Triphon is a muscle-head jock sort of character, but he's got a bit of a soft side and loyalty in spades. He's one of the protagonist, Rom's, best friends, so of course he helps Rom with whatever crazy scheme Rom has in mind. Triphon helps save Rom's life on more than one occasion in the first book.

But Triphon gets little development beyond that. I have no idea what kind of a person Triphon is. Does he like cats? Does he laugh a lot? What's his taste in women? What was his family like?

Not a clue. And too bad I wanted to know more, because he dies. Twice, actually. Which brings up another point...

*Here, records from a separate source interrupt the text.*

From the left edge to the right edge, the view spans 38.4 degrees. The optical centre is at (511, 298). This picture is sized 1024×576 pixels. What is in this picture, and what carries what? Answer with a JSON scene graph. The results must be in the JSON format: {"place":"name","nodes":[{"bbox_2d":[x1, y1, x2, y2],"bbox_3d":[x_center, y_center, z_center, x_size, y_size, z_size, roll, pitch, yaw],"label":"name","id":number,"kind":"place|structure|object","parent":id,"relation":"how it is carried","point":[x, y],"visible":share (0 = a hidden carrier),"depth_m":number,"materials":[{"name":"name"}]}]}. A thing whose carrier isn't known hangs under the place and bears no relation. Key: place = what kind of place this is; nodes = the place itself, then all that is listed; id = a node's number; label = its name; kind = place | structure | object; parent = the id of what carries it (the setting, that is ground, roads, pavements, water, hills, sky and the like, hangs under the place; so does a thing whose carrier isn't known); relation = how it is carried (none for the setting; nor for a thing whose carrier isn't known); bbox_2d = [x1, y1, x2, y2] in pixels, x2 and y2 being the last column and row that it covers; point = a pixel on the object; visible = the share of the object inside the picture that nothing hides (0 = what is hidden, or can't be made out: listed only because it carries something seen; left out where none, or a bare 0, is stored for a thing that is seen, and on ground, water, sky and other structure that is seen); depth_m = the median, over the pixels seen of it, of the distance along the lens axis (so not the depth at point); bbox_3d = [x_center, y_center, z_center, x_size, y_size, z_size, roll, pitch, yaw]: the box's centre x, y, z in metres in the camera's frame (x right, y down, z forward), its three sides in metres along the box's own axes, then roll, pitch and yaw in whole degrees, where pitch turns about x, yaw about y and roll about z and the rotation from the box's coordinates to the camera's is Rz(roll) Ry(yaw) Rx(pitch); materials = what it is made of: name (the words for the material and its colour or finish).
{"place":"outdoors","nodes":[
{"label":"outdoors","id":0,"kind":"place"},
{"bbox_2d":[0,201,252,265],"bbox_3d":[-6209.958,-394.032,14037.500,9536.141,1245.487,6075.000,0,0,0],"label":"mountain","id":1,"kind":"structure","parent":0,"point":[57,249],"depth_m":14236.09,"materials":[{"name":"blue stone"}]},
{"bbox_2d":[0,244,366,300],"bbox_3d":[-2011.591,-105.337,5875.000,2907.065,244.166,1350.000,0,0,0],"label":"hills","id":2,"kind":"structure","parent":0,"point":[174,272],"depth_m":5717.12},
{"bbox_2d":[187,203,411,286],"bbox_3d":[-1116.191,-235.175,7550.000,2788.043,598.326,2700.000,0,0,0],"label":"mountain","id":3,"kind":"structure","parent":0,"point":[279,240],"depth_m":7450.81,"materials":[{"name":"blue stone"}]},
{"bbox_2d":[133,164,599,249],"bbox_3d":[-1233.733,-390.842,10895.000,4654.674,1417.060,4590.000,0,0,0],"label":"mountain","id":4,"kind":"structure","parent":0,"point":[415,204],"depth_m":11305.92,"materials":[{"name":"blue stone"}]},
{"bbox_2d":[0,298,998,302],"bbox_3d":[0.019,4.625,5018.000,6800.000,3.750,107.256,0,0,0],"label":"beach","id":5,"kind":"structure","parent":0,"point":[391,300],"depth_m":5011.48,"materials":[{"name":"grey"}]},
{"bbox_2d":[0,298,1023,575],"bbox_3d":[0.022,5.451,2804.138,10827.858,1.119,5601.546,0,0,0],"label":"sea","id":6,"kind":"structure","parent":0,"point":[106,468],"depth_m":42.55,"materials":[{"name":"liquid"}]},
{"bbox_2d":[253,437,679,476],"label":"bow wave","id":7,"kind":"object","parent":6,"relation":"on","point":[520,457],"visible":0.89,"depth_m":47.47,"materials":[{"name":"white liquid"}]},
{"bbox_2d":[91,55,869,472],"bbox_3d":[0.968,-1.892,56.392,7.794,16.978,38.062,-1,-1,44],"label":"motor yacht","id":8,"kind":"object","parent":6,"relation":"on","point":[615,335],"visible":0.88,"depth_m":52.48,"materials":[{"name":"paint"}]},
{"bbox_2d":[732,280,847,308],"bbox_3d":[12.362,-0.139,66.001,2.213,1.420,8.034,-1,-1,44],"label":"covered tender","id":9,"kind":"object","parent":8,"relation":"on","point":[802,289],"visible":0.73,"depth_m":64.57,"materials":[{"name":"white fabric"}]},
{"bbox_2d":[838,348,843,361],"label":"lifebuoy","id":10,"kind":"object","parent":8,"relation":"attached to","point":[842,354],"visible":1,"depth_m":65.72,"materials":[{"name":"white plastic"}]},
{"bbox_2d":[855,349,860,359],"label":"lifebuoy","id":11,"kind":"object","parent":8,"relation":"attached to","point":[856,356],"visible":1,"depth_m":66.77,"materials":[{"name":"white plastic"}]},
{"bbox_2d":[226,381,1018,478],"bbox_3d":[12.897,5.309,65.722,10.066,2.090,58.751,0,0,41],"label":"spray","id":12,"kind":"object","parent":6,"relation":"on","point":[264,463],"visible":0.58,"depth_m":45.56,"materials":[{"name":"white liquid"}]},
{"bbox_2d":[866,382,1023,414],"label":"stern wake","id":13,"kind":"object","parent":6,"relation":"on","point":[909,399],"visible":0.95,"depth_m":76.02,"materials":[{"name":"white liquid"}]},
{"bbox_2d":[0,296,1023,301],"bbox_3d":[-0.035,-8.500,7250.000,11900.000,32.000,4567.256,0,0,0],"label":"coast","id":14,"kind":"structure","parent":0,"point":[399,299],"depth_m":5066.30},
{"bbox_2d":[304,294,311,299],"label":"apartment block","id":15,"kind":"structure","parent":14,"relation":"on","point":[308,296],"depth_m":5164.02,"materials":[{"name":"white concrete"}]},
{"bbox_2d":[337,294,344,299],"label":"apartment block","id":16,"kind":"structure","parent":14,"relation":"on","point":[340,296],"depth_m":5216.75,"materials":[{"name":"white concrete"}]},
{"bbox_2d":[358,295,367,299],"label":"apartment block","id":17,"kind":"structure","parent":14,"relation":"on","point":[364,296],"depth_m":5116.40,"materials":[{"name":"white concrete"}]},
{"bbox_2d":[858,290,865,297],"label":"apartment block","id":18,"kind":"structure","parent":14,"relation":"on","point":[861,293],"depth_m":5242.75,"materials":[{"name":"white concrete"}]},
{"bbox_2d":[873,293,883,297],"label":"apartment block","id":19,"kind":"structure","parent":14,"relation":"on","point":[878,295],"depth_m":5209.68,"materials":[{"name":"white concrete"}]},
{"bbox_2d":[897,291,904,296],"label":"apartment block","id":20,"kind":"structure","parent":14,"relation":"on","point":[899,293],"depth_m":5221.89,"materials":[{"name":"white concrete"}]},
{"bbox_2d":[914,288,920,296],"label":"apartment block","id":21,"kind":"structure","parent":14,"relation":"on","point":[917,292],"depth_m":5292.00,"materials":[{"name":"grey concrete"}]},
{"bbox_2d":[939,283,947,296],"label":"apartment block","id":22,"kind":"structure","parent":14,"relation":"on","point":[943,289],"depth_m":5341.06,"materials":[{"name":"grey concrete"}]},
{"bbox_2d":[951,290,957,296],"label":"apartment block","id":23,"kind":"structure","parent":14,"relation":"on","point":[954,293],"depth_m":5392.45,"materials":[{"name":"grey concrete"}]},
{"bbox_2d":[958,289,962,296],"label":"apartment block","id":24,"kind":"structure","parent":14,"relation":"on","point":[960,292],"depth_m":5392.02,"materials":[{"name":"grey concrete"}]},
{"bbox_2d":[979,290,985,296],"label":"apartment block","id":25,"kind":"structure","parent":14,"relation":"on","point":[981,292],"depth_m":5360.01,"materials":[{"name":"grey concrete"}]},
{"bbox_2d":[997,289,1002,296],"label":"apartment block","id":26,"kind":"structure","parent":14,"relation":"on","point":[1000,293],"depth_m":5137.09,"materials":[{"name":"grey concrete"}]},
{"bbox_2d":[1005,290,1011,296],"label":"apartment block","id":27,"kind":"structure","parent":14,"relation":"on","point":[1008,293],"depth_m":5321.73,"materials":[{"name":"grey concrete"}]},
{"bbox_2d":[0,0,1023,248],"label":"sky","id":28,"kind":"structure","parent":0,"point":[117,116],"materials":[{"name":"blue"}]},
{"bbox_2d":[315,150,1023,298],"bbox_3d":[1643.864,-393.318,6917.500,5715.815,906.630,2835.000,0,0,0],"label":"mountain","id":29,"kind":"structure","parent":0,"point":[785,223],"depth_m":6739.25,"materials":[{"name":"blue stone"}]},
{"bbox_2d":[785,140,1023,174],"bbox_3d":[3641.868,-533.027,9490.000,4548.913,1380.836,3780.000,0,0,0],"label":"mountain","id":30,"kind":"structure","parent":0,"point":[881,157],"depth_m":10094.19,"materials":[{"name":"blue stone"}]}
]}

Killing Them Off Only to Bring Them Back... Repeatedly

Don't keep bringing characters back to life only to kill them off again, writers. This ruins our trust in you. Plus it's emotionally draining for us to get yanked back and forth like that. We don't care quite as much during the death scene when your character dies a second time; that's because we've already been through this song and dance. And let me tell you, by the third time or more, we're too busy rolling our eyes or making memes out of your story to care about your ridiculously blessed regenerating hero.

Killing Them Off Only to Bring Them Back... Once?

Okay, I'm split 50/50 on this one, because sometimes a resurrection plot can be incredibly satisfying and entertaining.

And sometimes it only happens because a character feels sad and cries some magic resurrection tears.


Side note: I adore Tangled, but this is the one mole on this beautiful face that I wish I could photoshop over every time I watch this film. Disney, you're better than this cliche!

Okay, writers--if you're gonna bring a character back from the dead, you'd better have a dang good pre-established way for how it happens, why it happens, and when it happens. Establishing ways of bringing characters back from the dead keeps resurrections from feeling like a deus ex straight out of your butt.

But the "when" is especially important if the resurrection relies on another character actively reviving the dead. If there's any time in-between the death and the resurrection, the audience is going to want to know why they'd bother waiting to resurrect the guy at all. Wouldn't that epic battle two scenes ago have been a ton simpler if we'd had Fighter McGuns alive to begin with? Why did they wait until the smoke cleared to bring him back?

Also, if you're going to bring a character back from the dead, you'd better have a good reason why they died in the first place. And, again, "to shock the viewers" is not a good enough reason. Remember, we viewers don't like getting our chain yanked.

Don't kill off a character if they're just going to get brought back to life and their death didn't mean anything.

Now, as I said, I'm pretty split on resurrection stories. Sometimes having a character dying and being brought back to life can be thrilling for the audience. Buuuut, again, it has to have a purpose.

Again, look at character-killing phenomenon Attack on Titan. In the first season, the protagonist Eren has spent five years of his life boasting he'll kill all the giant man-eating Titans that have destroyed his home and killed his mother and otherwise ruined life. And when he's finally about to become a certified soldier, he eagerly dives into battle with Titans only to watch the brutes devour his friends one by one. And then Eren's next.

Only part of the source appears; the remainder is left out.